Stored records

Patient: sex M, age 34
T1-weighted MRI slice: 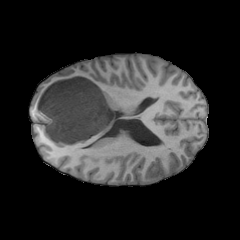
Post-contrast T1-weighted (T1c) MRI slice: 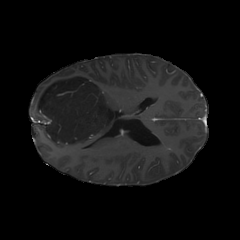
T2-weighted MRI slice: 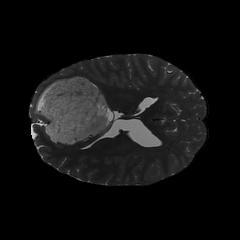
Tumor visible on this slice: yes
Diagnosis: Astrocytoma, IDH-mutant
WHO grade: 2

■ **WORK ITEM**:
Set the records down again exactly, and omit any picture in them.

■ **COMPLETED EXERCISE**:
Patient: sex M, age 34
T1-weighted MRI slice: 
Post-contrast T1-weighted (T1c) MRI slice: 
T2-weighted MRI slice: 
Tumor visible on this slice: yes
Diagnosis: Astrocytoma, IDH-mutant
WHO grade: 2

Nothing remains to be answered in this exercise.